SCROLL TO CONTINUE WITH CONTENT
SKB ini nantinya Berencana menjadi acuan penting Yang Terkait Didalam Studi yang dilakukan Dari Indonesia. Hingga dalamnya juga diatur Yang Terkait Didalam basic research dan applied research.
“Dari Sebab Itu, Didalam acuan ini Berencana Lebihterus memperkuat Studi kita dan membantu para periset Bagi arah Hingga Didepan Berencana seperti apa,” imbuhnya.
Studi Tentang Masa Didepan Perlu Dihargai
Sebagai lembaga Studi, Arif Mengungkapkan pihaknya perlu menghargai Studi-Studi yang sifatnya Bagi kehidupan masa Didepan atau futuristik. Bagi itu, diperlukan peta jalan agar bisa membayangkan Ilmu Pengetahuan apa yang berkembang Hingga masa Didepan.
“Me-forecast Ilmu Pengetahuan Hingga Didepan itu berarti kita harus membayangkan 2035 itu Ilmu Pengetahuan apa yang Berencana berkembang,” katanya.
Salah satu contoh Studi Yang Terkait Didalam hal ini adalah masalah pembuatan baterai. BRIN Di mencari tahu apakah baterai masa Didepan harus terus dibuat Untuk nikel atau bisa menggunakan material lain.

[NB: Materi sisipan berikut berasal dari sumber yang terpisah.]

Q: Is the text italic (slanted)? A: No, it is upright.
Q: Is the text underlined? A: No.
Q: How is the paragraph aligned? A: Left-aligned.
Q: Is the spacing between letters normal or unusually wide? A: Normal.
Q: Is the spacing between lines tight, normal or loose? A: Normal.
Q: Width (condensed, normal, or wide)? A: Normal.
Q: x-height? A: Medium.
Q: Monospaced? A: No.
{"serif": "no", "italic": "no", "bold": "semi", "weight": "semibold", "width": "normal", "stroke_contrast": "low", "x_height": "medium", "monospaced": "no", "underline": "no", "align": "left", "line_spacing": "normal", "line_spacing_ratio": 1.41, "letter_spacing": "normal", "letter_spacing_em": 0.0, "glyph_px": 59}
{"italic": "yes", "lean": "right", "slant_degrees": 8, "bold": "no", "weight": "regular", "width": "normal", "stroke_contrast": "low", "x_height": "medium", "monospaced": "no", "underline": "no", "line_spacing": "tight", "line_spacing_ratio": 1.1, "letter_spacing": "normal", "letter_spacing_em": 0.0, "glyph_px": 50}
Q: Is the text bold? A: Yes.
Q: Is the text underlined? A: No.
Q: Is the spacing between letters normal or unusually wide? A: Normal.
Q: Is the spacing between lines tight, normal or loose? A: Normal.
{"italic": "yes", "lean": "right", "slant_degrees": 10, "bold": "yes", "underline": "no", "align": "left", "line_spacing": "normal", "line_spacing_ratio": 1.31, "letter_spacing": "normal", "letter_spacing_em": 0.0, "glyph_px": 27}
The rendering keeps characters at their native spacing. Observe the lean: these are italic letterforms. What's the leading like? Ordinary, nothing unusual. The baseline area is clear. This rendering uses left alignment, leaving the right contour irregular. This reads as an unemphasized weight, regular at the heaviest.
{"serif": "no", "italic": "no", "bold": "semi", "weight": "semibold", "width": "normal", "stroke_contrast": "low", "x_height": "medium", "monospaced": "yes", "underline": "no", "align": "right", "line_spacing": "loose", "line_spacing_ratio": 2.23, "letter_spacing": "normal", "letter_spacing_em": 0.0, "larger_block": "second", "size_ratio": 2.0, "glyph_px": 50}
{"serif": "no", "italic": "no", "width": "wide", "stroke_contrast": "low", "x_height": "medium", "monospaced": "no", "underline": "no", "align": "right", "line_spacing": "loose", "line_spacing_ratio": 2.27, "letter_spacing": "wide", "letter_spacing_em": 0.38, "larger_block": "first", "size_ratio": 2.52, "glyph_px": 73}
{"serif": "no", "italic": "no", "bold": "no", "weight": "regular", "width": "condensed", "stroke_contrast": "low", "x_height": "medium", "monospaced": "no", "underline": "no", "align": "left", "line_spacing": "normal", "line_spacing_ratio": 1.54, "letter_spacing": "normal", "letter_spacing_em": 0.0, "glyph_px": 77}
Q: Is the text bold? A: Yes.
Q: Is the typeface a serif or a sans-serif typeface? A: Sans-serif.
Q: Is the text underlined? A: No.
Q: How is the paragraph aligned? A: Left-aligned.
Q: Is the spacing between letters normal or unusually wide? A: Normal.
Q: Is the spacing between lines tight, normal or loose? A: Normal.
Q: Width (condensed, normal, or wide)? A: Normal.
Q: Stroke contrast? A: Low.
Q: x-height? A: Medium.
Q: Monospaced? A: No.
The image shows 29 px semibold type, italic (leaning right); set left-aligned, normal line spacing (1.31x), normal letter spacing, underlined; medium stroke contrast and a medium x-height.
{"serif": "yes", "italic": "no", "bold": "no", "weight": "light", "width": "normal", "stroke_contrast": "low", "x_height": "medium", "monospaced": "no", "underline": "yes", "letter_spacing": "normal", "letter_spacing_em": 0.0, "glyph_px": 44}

“Agar Didalam adanya kemampuan kita berimajinasi Lewat proyeksi-proyeksi Studi kita Hingga Didepan, maka kita Berencana bisa melakukan Studi hari ini yang hasilnya kita rasakan Di tahun 2035 atau 2040.
Tidak hanya baterai, berbagai Studi Yang Terkait Didalam masa Didepan juga terus dilakukan. Termasuk Kesejajaran genomik, sumber energi hijau, hingga Ai (AI).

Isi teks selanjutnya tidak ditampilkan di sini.